[Dataset entries]
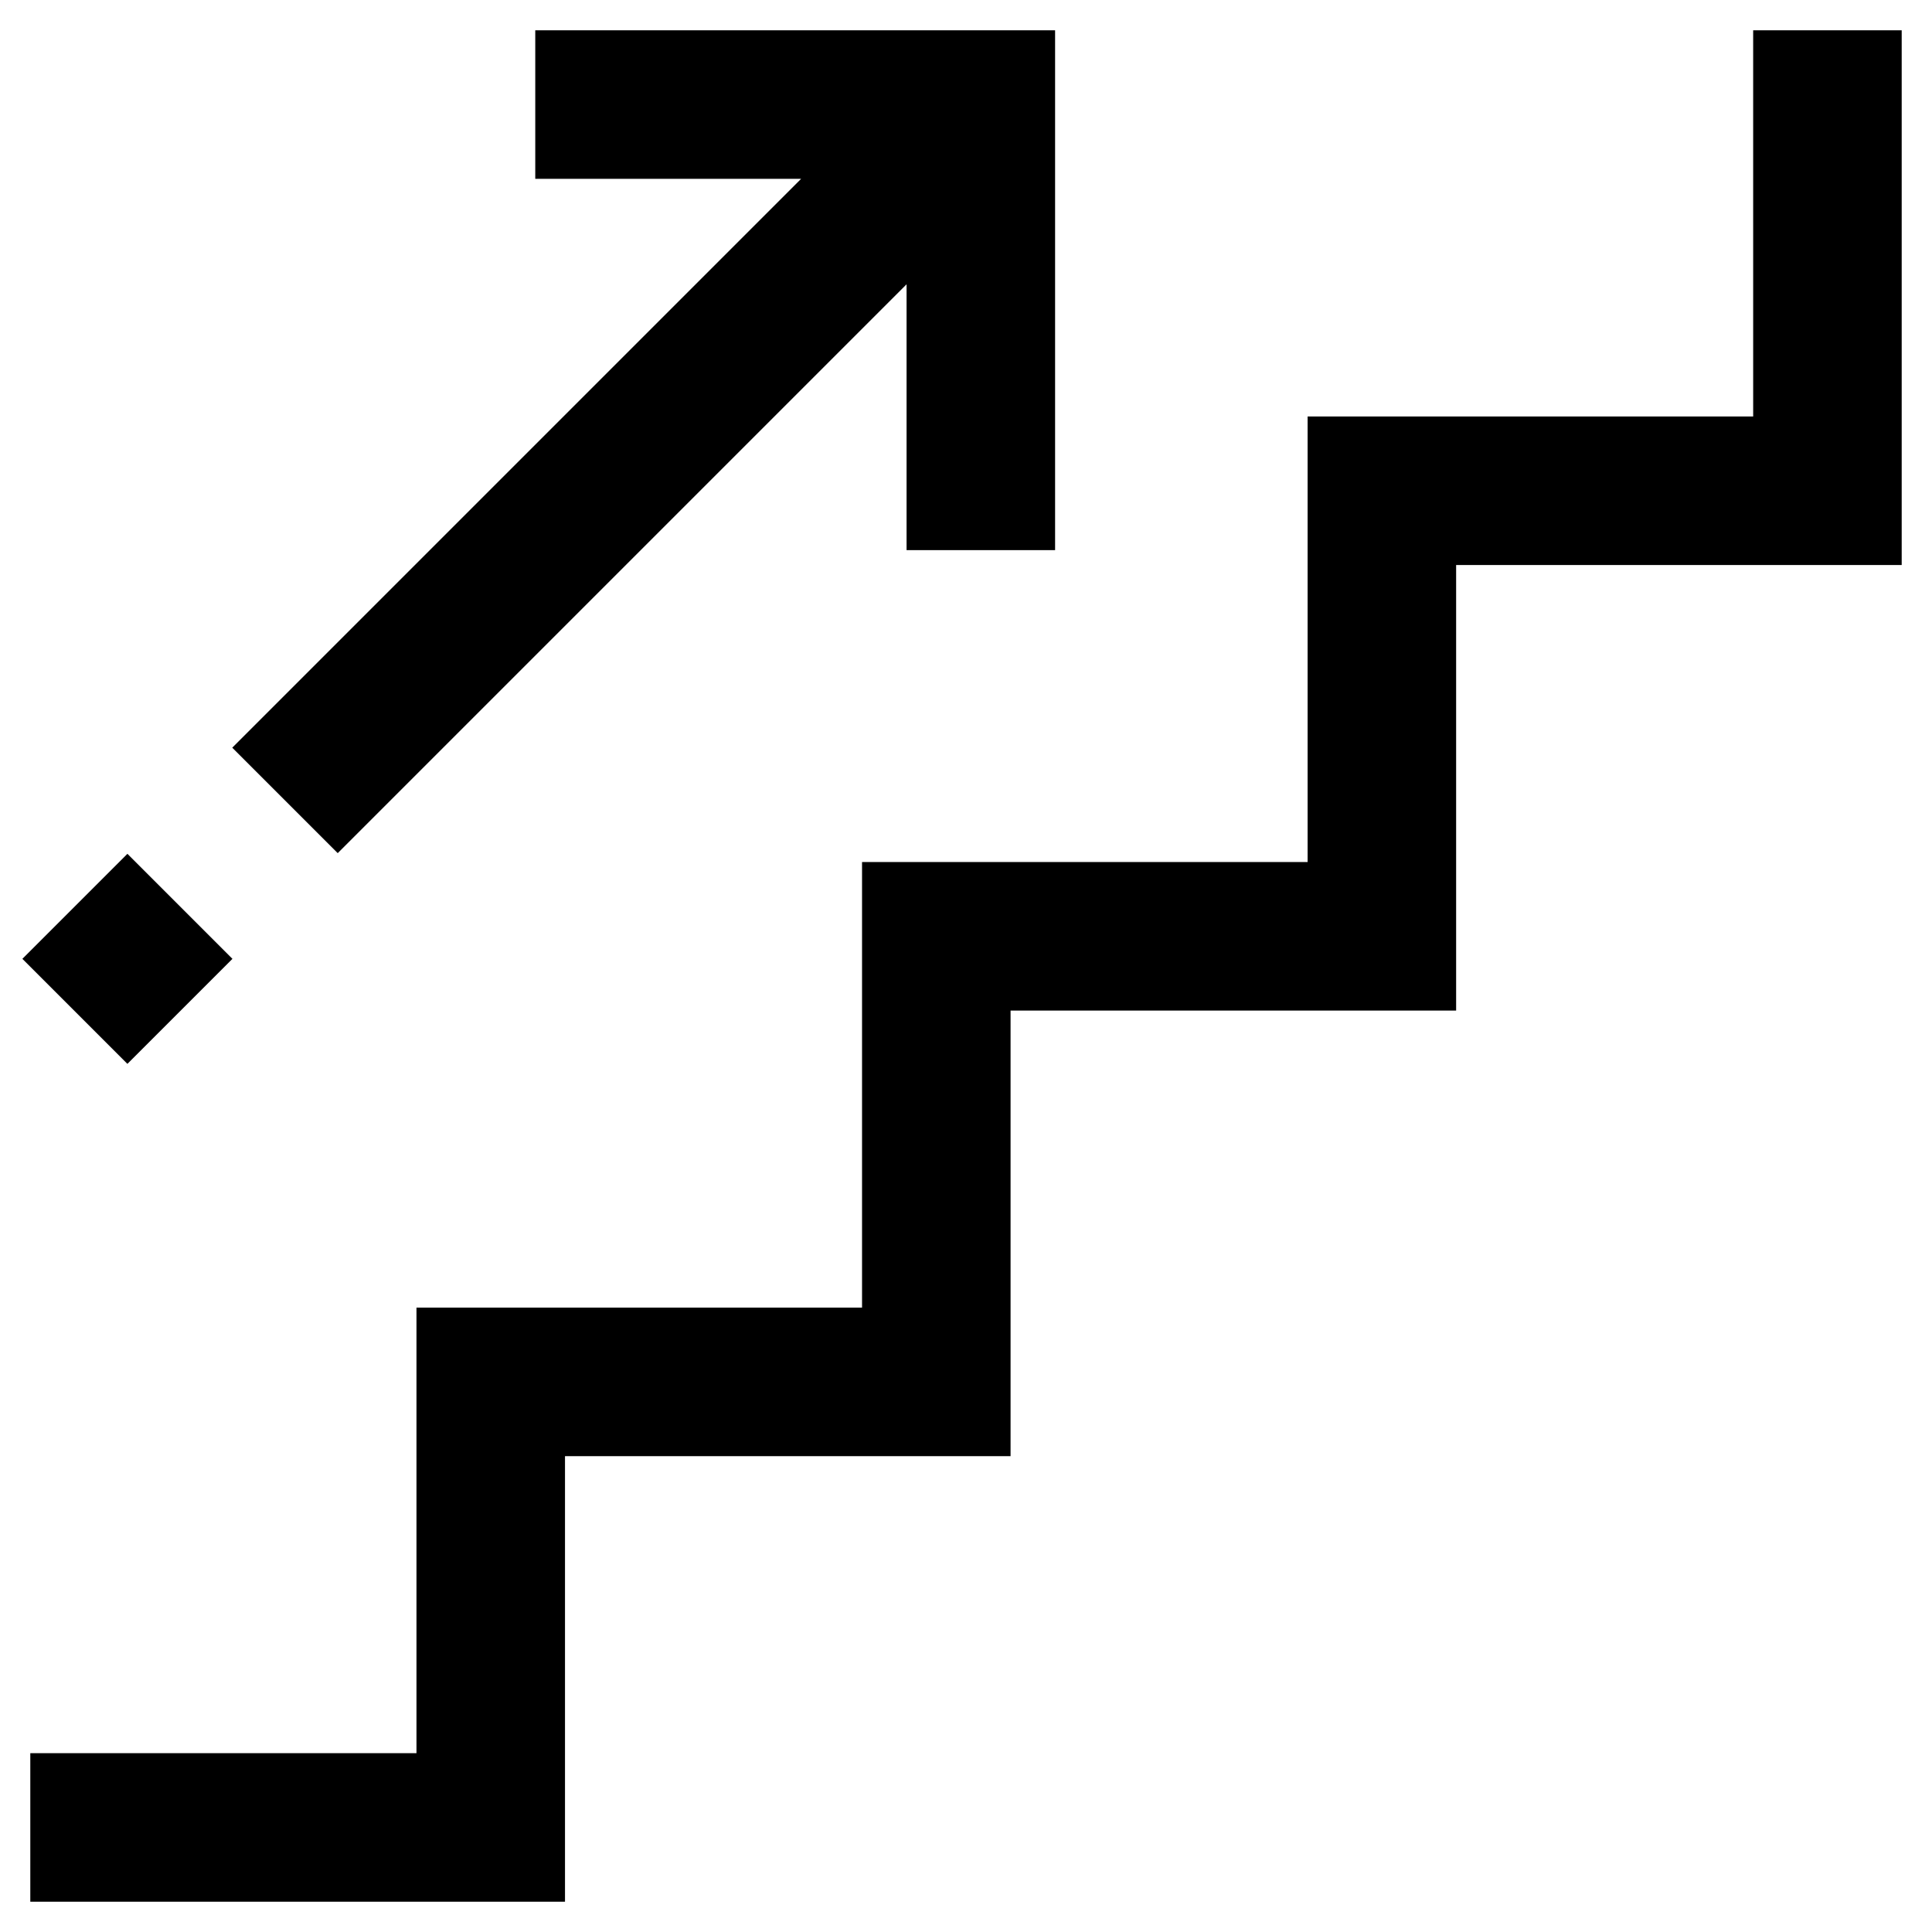 <?xml version="1.0" encoding="UTF-8"?>
<!-- Uploaded to: ICON Repo, www.iconrepo.com, Generator: ICON Repo Mixer Tools -->
<svg fill="#000000" width="800px" height="800px" version="1.1" viewBox="144 144 512 512" xmlns="http://www.w3.org/2000/svg">
 <g>
  <path d="m608.61 254.37h-118.08v118.08h-118.08v118.08h-118.08v118.08h-102.34v39.363h141.7v-118.08h118.08v-118.08h118.08v-118.08h118.08v-141.7h-39.363z"/>
  <path d="m233.5 370.09 150.75-150.75v70.453h39.359v-137.76h-137.76v39.359h70.453l-150.75 150.75z"/>
  <path d="m149.93 398.1 27.836-27.832 27.832 27.836-27.836 27.832z"/>
 </g>
</svg>

▸ Task brief
Output all the entries above verbatim, please. No images.

▸ Reply
 <?xml version="1.0" encoding="UTF-8"?>
<!-- Uploaded to: ICON Repo, www.iconrepo.com, Generator: ICON Repo Mixer Tools -->
<svg fill="#000000" width="800px" height="800px" version="1.1" viewBox="144 144 512 512" xmlns="http://www.w3.org/2000/svg">
 <g>
  <path d="m608.61 254.37h-118.08v118.08h-118.08v118.08h-118.08v118.08h-102.34v39.363h141.7v-118.08h118.08v-118.08h118.08v-118.08h118.08v-141.7h-39.363z"/>
  <path d="m233.5 370.09 150.75-150.75v70.453h39.359v-137.76h-137.76v39.359h70.453l-150.75 150.75z"/>
  <path d="m149.93 398.1 27.836-27.832 27.832 27.836-27.836 27.832z"/>
 </g>
</svg>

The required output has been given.